Task: Whatever runs from the line with "page: 32 of 114" to the end of the records below must be copied exactly, with nothing else included.

Data to examine:

○ ○ ○ ○ ○

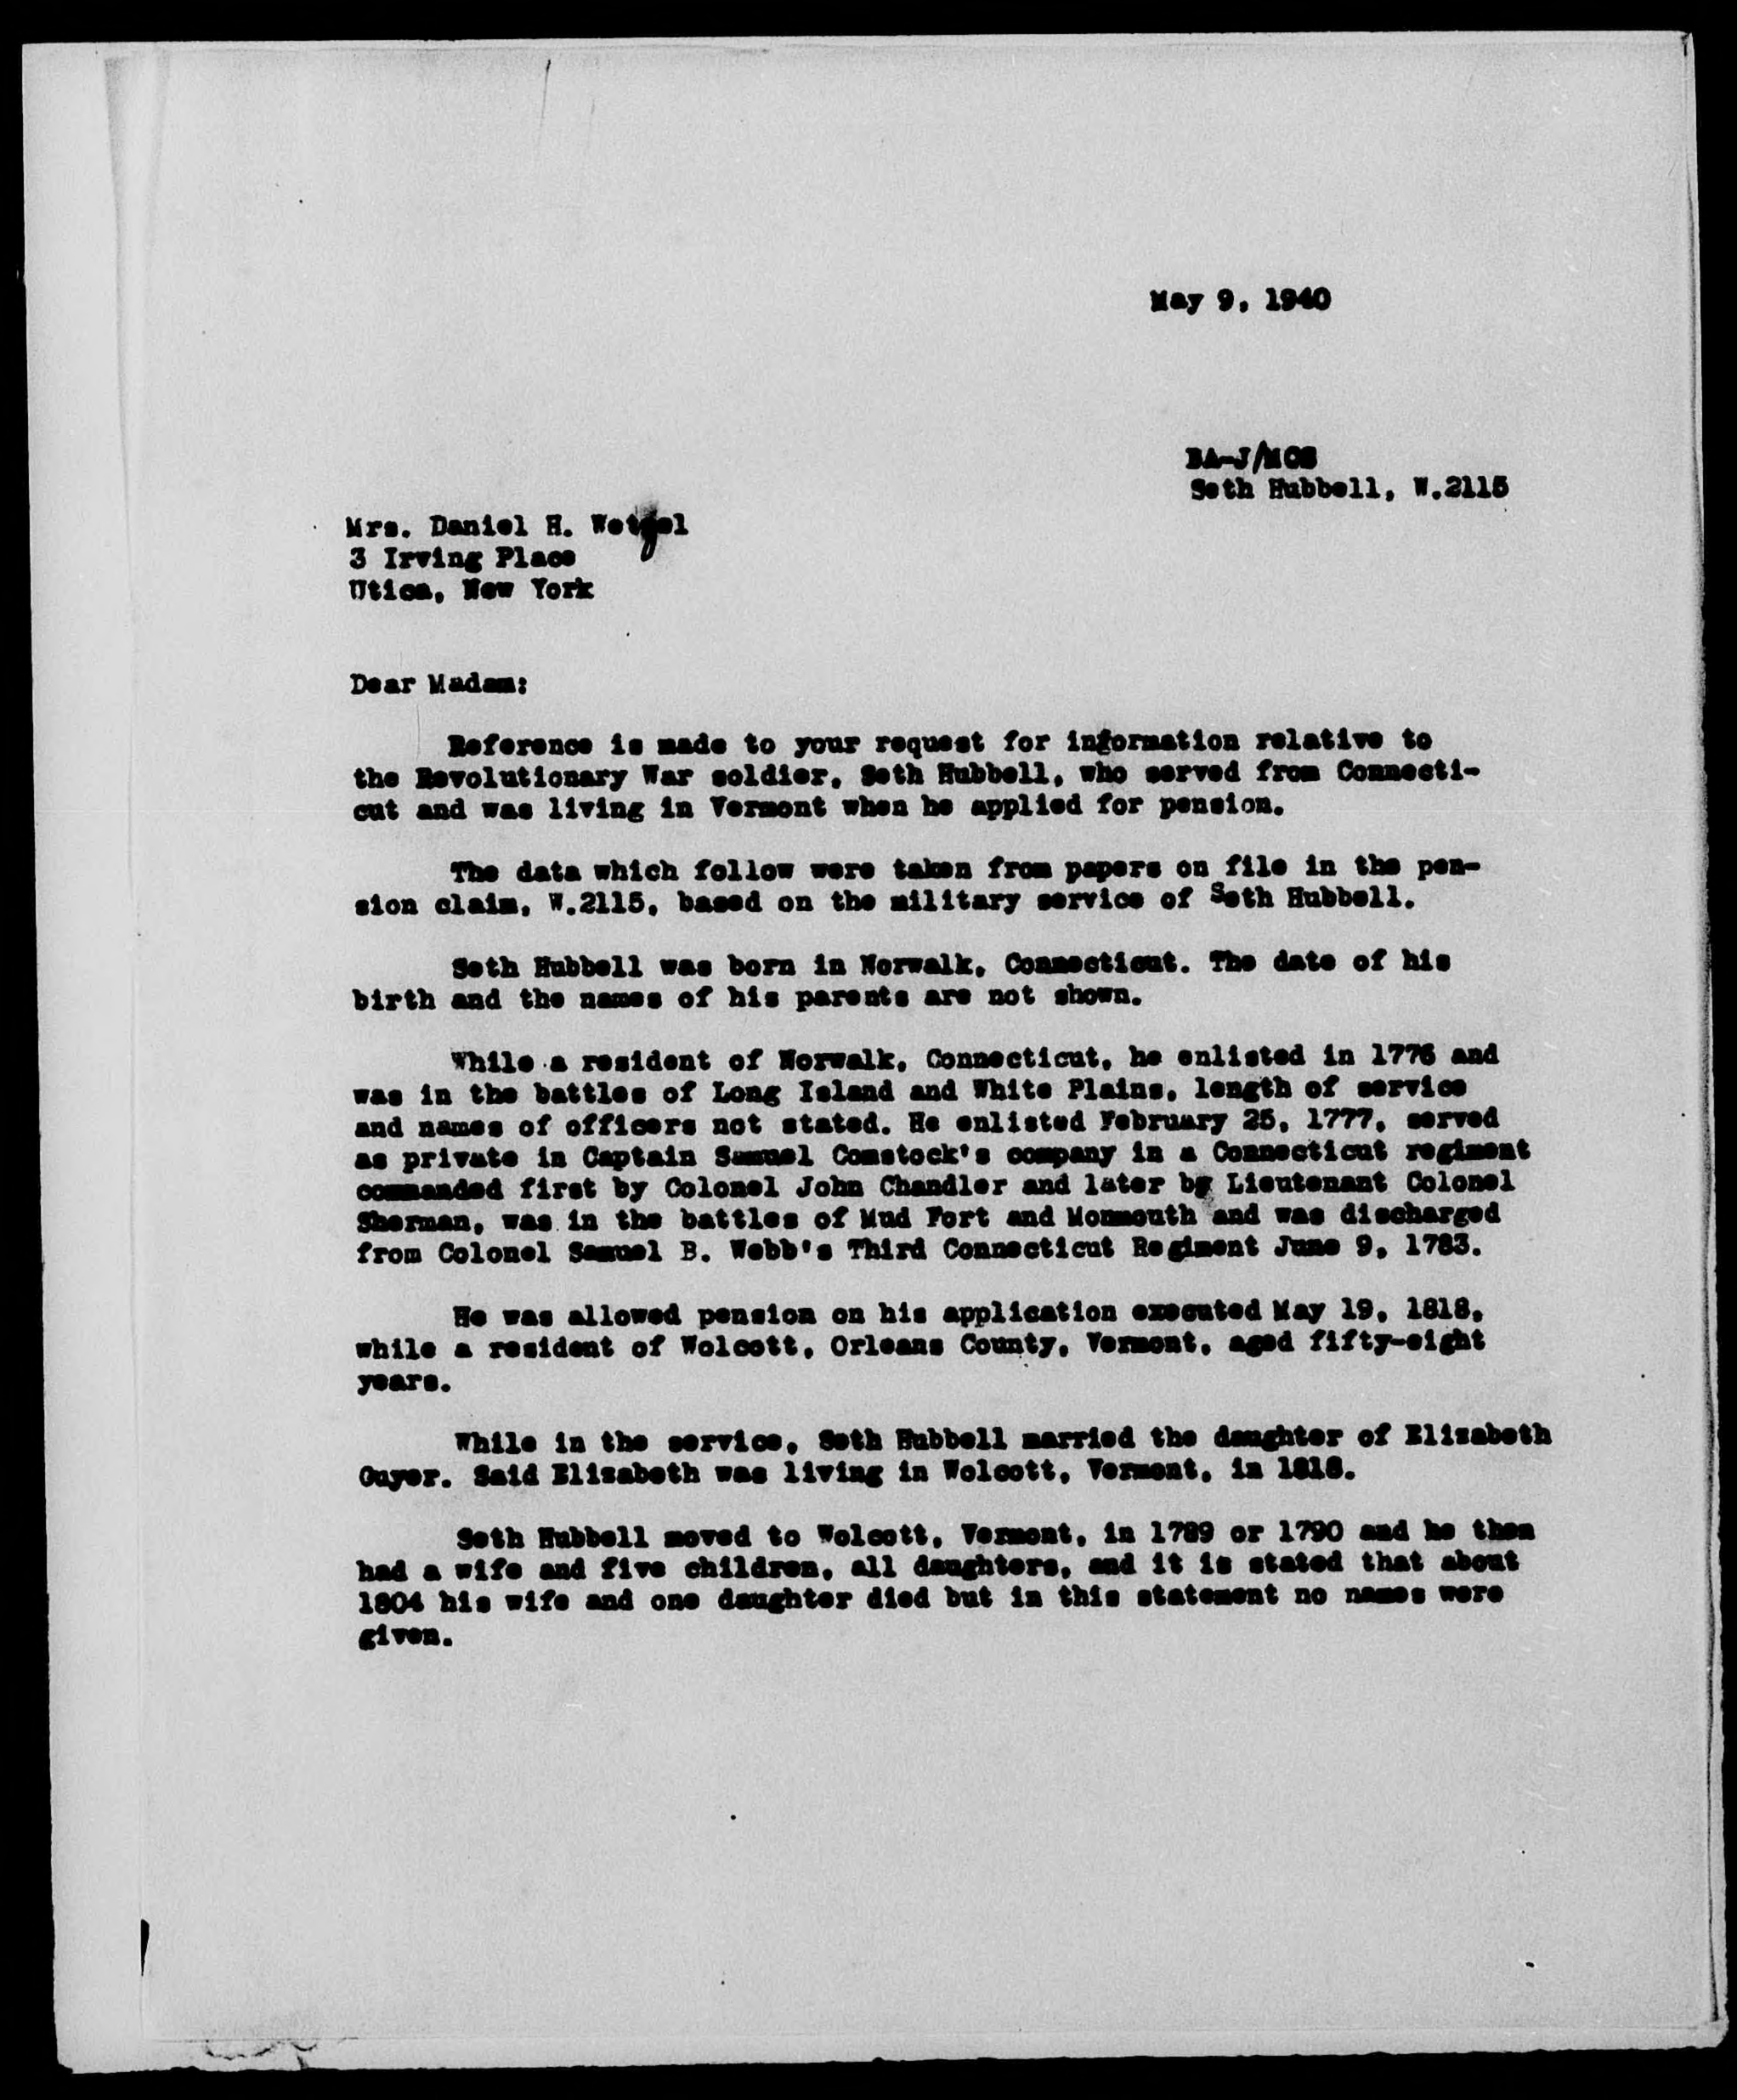May 9, 1940

BA-J/MOS
Seth Hubbell, W.2115

Mrs. Daniel H. Wetzel
3 Irving Place
Utica, New York

Dear Madam:

Reference is made to your request for information relative to the Revolutionary War soldier, Seth Hubbell, who served from Connecticut and was living in Vermont when he applied for pension.

The data which follow were taken from papers on file in the pension claim, W.2115, based on the military service of Seth Hubbell.

Seth Hubbell was born in Norwalk, Connecticut. The date of his birth and the names of his parents are not shown.

While a resident of Norwalk, Connecticut, he enlisted in 1776 and was in the battles of Long Island and White Plains, length of service and names of officers not stated. He enlisted February 25, 1777, served as private in Captain Samuel Comstock's company in a Connecticut regiment commanded first by Colonel John Chandler and later by Lieutenant Colonel Sherman, was in the battles of Mud Fort and Monmouth and was discharged from Colonel Samuel B. Webb's Third Connecticut Regiment June 9, 1783.

He was allowed pension on his application executed May 19, 1818, while a resident of Wolcott, Orleans County, Vermont, aged fifty-eight years.

While in the service, Seth Hubbell married the daughter of Elizabeth Guyer. Said Elizabeth was living in Wolcott, Vermont, in 1818.

Seth Hubbell moved to Wolcott, Vermont, in 1789 or 1790 and he then had a wife and five children, all daughters, and it is state that about 1804 his wife and one daughter died but in this statement no names were given.

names: Elizabeth Guyer, Seth Hubbell, Daniel H Watzel
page: 32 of 114
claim: widow's
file: W. 2115, Seth Hubbell, Conn.

○ ○ ○ ○ ○

Task result:
page: 32 of 114
claim: widow's
file: W. 2115, Seth Hubbell, Conn.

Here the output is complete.